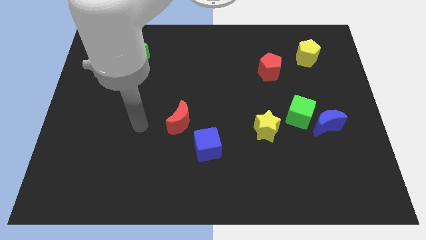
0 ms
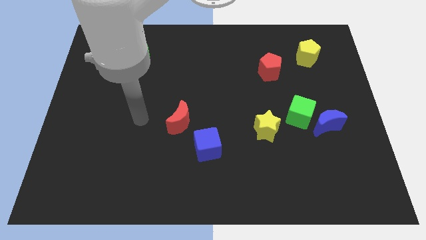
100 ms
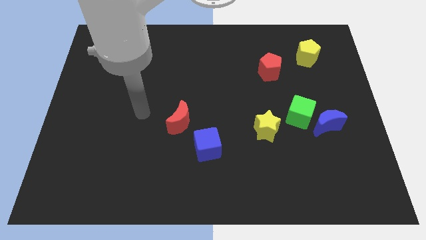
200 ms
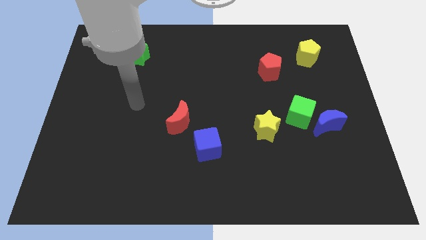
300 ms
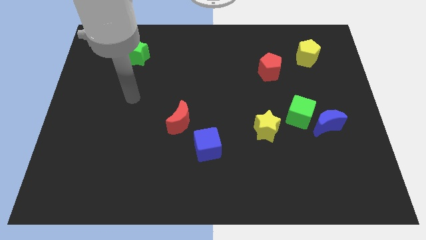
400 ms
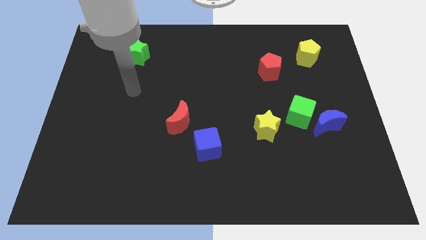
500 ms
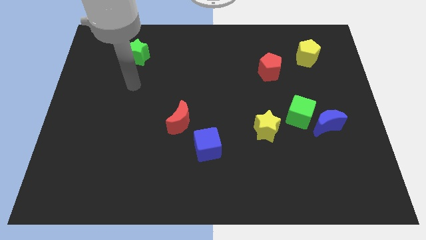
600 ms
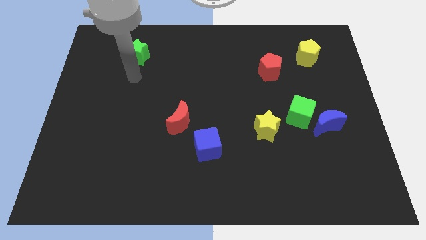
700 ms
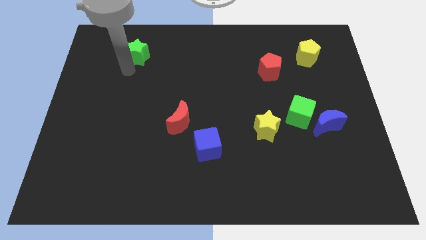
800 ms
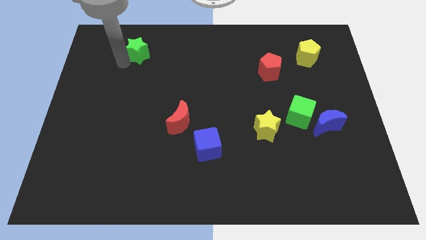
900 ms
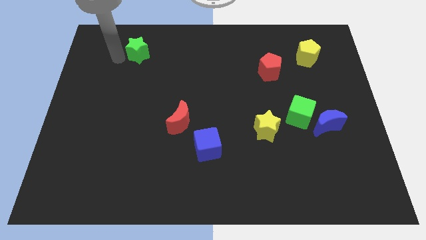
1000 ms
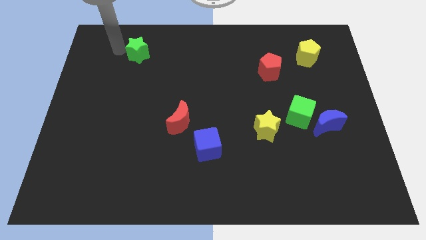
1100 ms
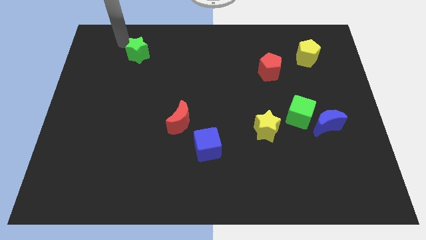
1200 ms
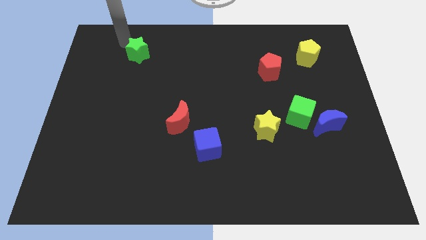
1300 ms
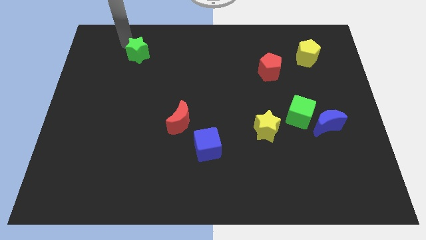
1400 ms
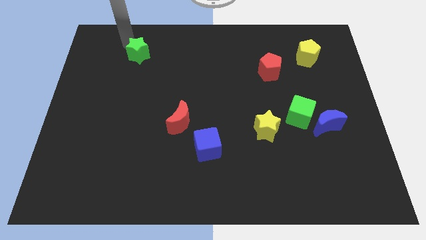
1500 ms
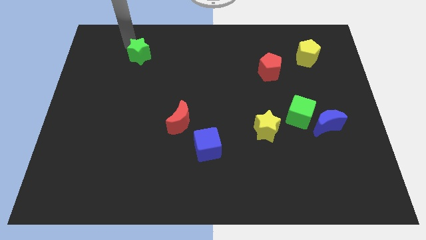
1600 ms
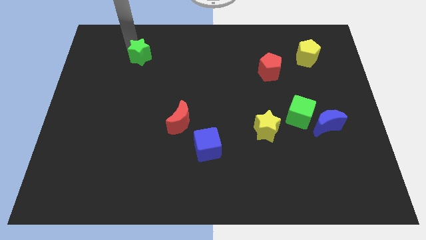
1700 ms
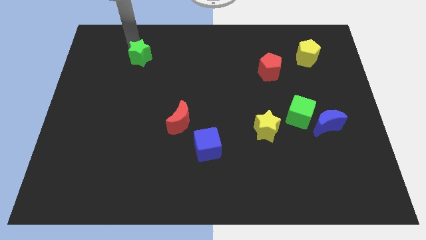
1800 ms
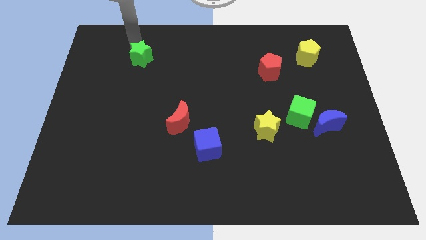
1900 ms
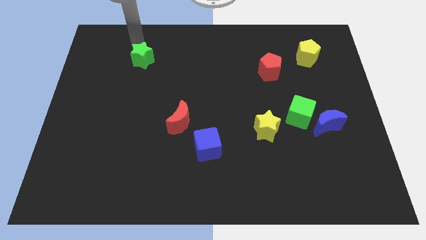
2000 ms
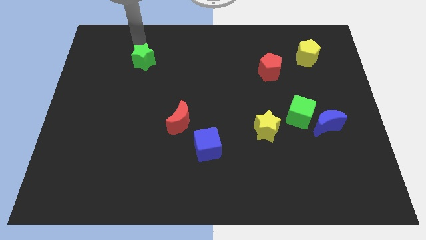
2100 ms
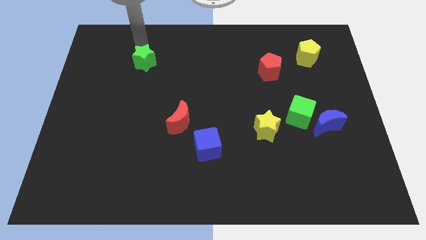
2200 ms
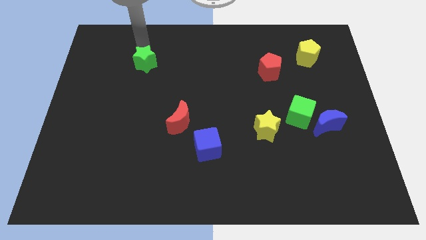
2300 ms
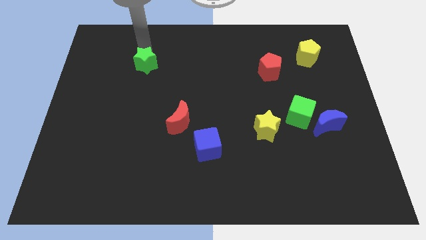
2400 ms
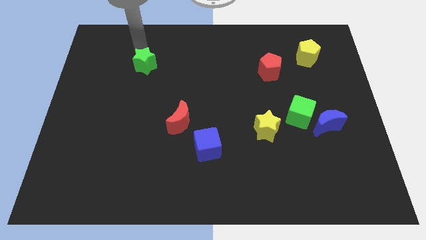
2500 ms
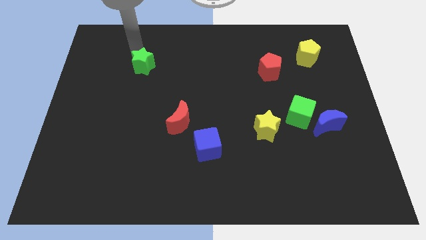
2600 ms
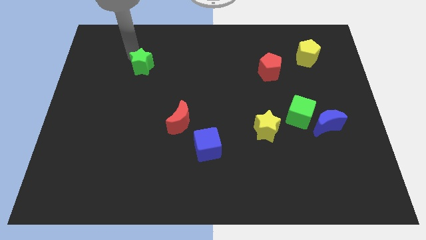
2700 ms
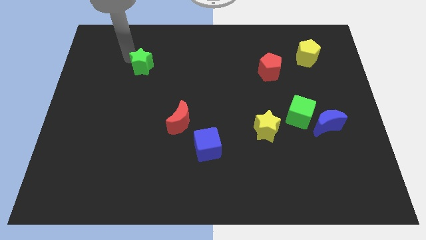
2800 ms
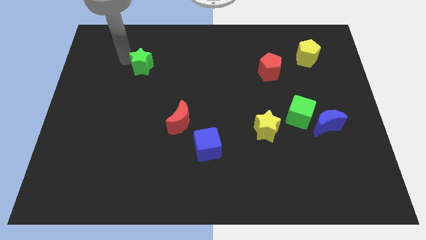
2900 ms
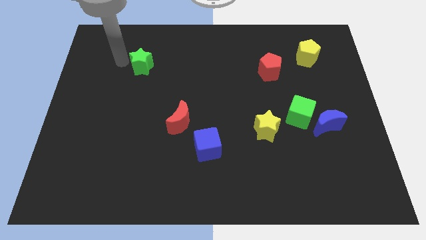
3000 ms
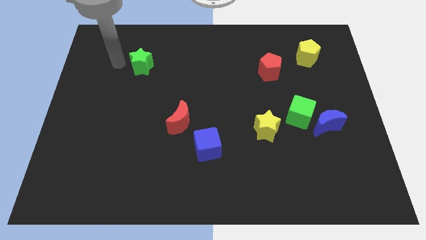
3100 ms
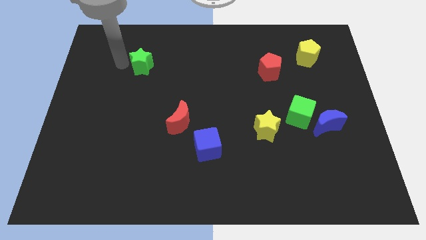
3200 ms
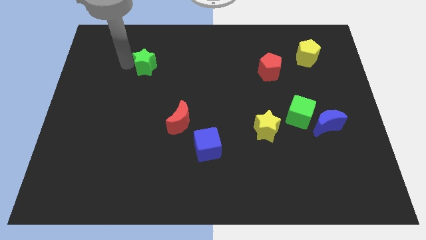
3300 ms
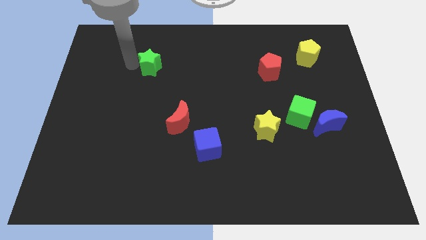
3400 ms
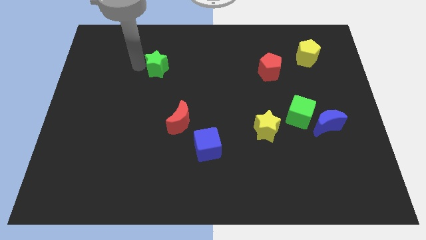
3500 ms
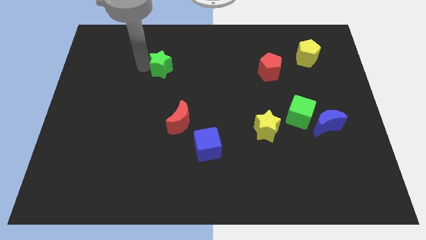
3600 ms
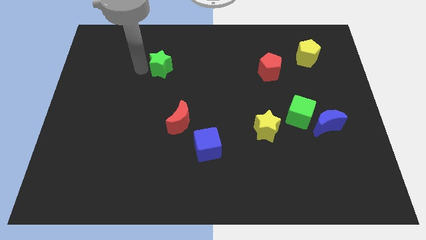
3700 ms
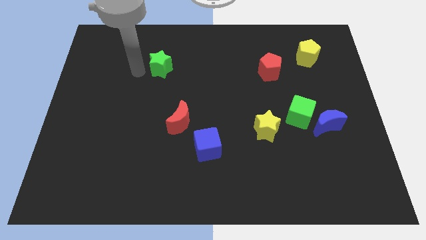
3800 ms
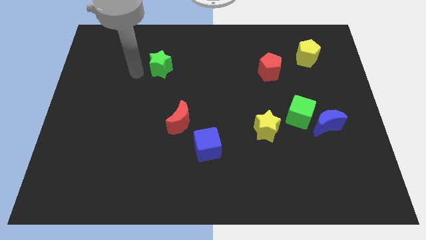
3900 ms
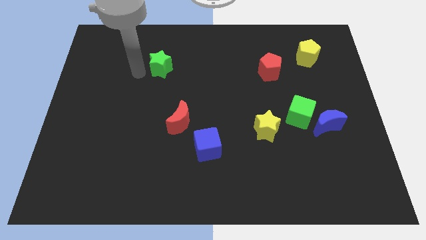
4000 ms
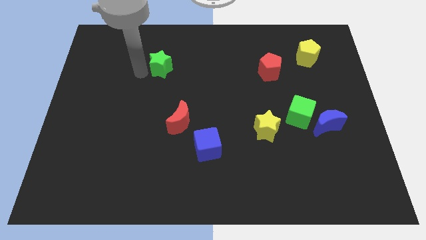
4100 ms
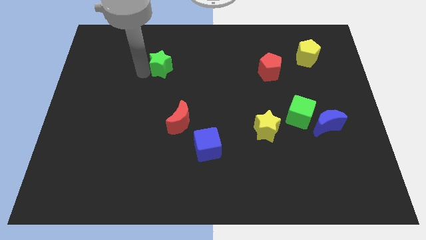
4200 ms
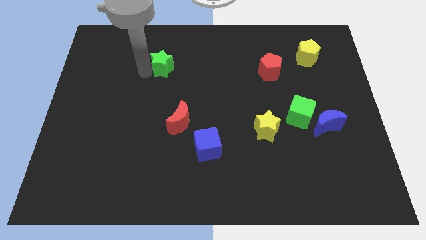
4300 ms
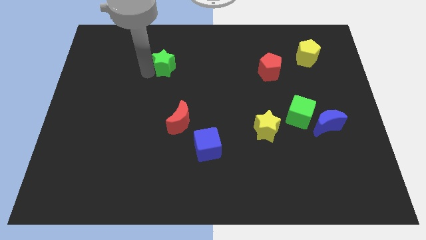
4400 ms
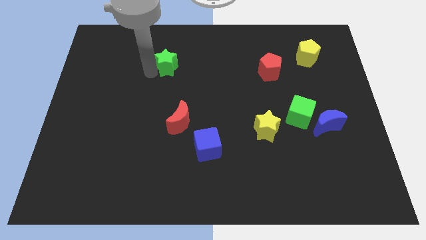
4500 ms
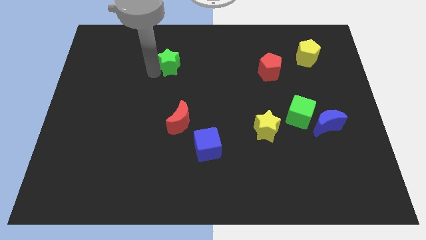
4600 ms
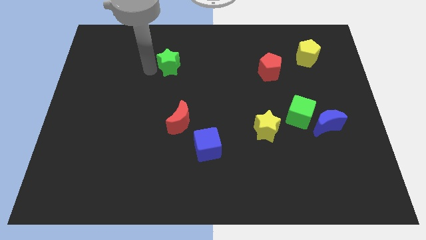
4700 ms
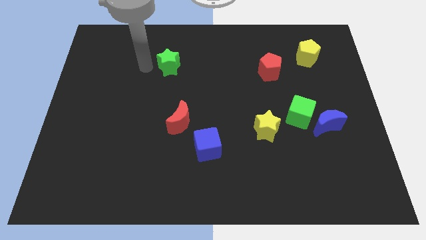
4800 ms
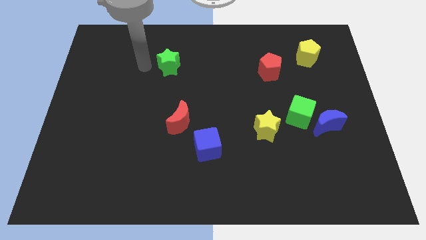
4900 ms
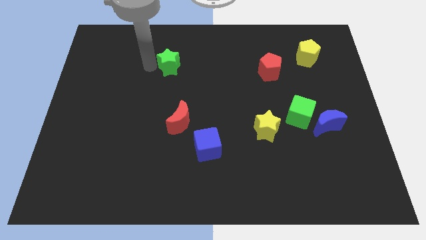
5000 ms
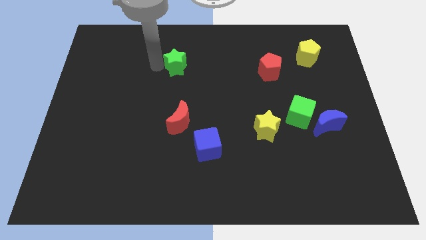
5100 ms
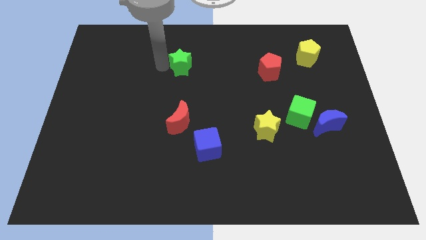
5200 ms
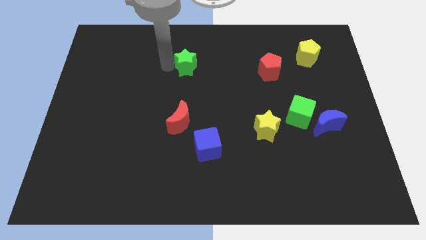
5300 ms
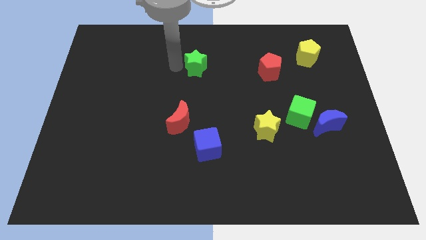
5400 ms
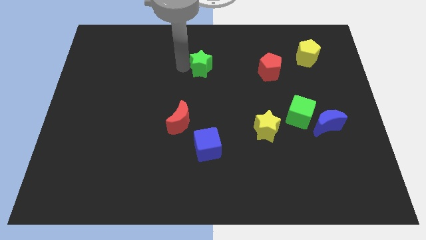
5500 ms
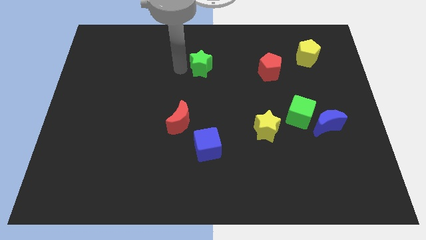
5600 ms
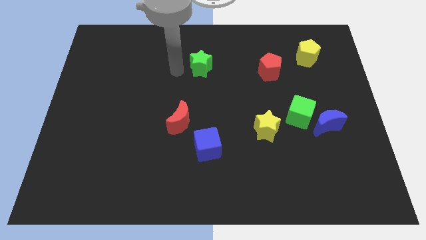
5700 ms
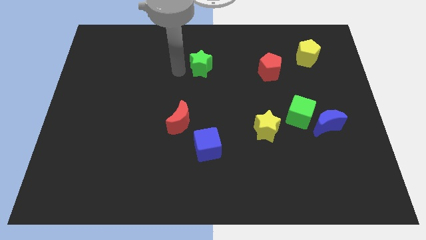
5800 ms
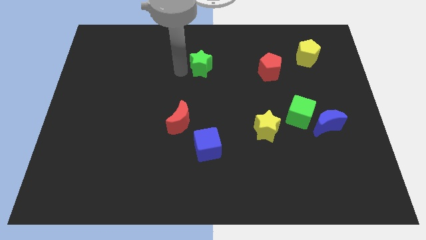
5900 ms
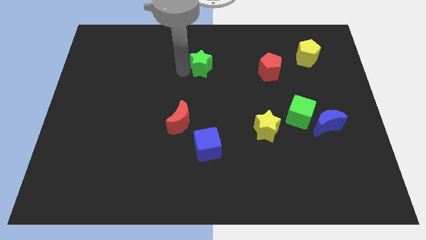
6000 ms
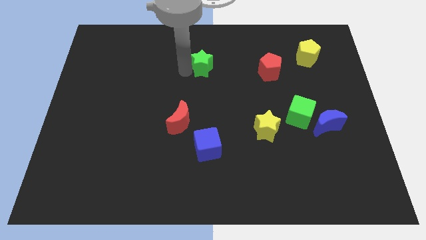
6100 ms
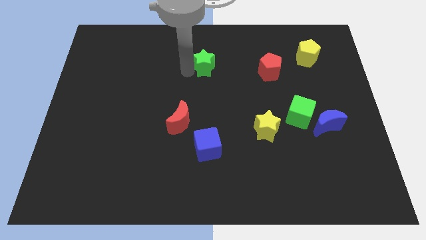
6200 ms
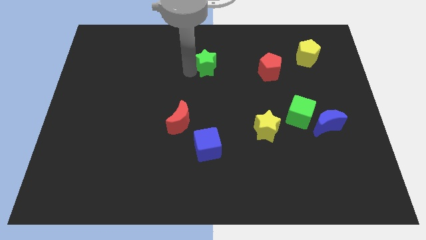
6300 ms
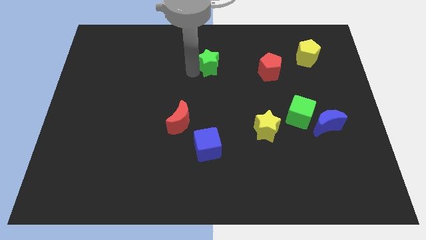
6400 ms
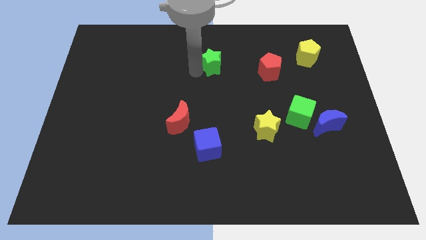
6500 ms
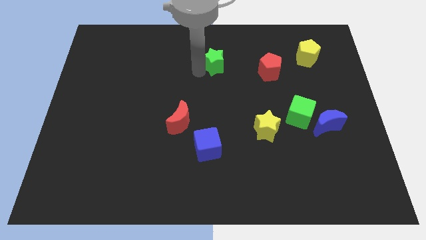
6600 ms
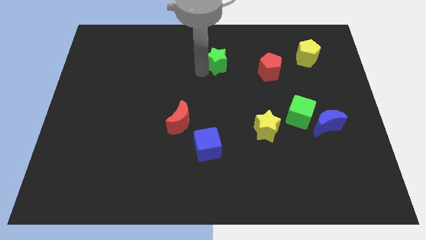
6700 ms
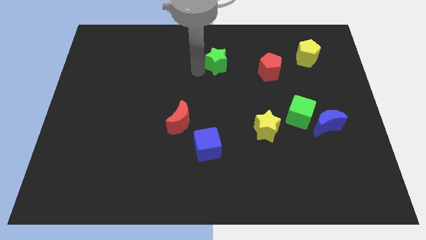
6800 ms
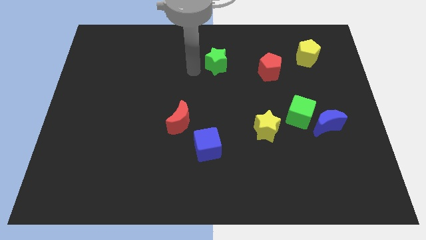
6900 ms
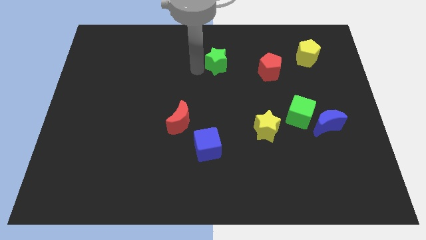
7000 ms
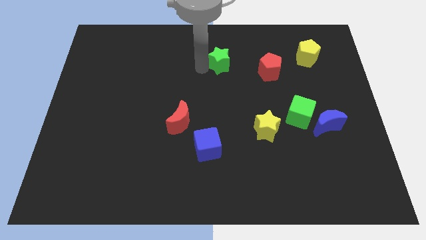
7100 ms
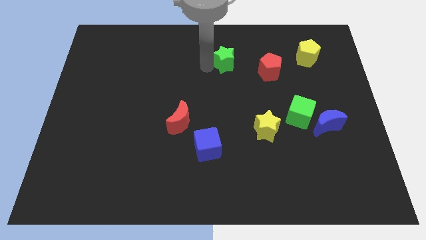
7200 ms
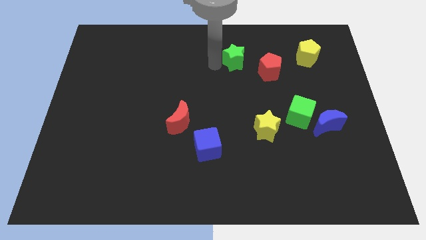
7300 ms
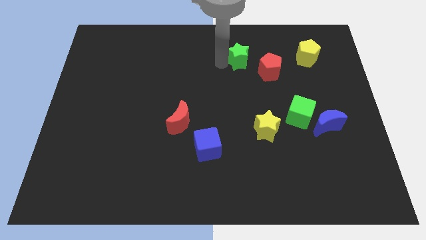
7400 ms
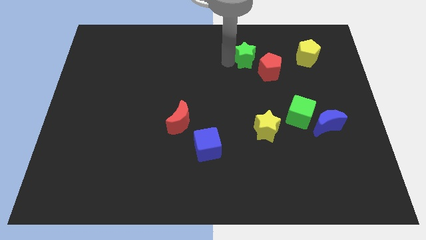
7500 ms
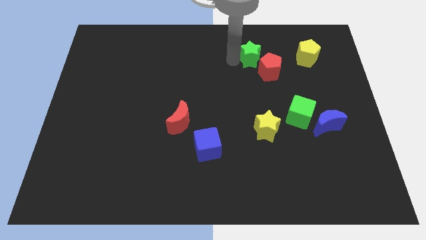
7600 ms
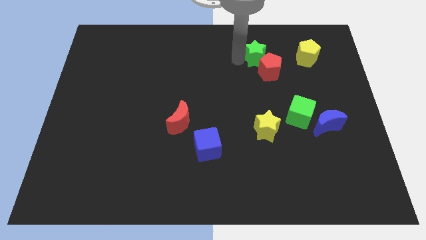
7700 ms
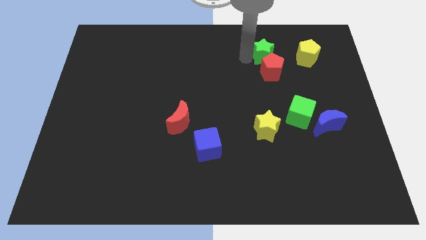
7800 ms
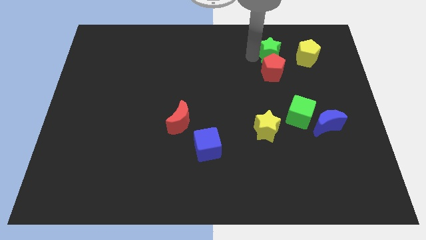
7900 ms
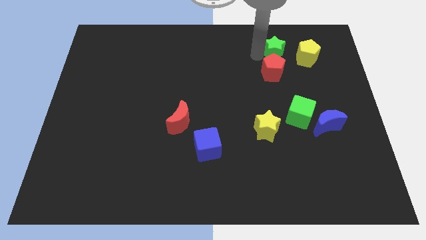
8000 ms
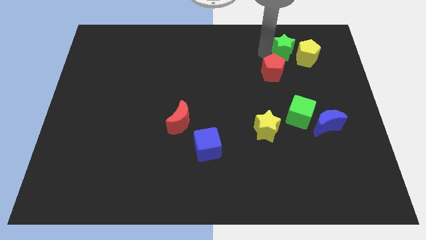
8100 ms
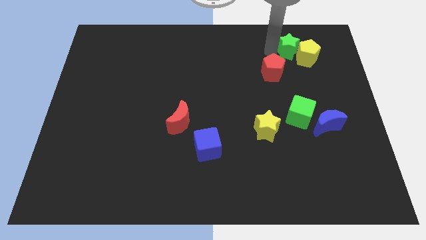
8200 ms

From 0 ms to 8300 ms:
move the green star close to the yellow pentagon
────────────────────────────────────────
[Task prompt] Could you reproduce the records above exactly, leaving out the pictures?

[The answer]
0 ms
100 ms
200 ms
300 ms
400 ms
500 ms
600 ms
700 ms
800 ms
900 ms
1000 ms
1100 ms
1200 ms
1300 ms
1400 ms
1500 ms
1600 ms
1700 ms
1800 ms
1900 ms
2000 ms
2100 ms
2200 ms
2300 ms
2400 ms
2500 ms
2600 ms
2700 ms
2800 ms
2900 ms
3000 ms
3100 ms
3200 ms
3300 ms
3400 ms
3500 ms
3600 ms
3700 ms
3800 ms
3900 ms
4000 ms
4100 ms
4200 ms
4300 ms
4400 ms
4500 ms
4600 ms
4700 ms
4800 ms
4900 ms
5000 ms
5100 ms
5200 ms
5300 ms
5400 ms
5500 ms
5600 ms
5700 ms
5800 ms
5900 ms
6000 ms
6100 ms
6200 ms
6300 ms
6400 ms
6500 ms
6600 ms
6700 ms
6800 ms
6900 ms
7000 ms
7100 ms
7200 ms
7300 ms
7400 ms
7500 ms
7600 ms
7700 ms
7800 ms
7900 ms
8000 ms
8100 ms
8200 ms

From 0 ms to 8300 ms:
move the green star close to the yellow pentagon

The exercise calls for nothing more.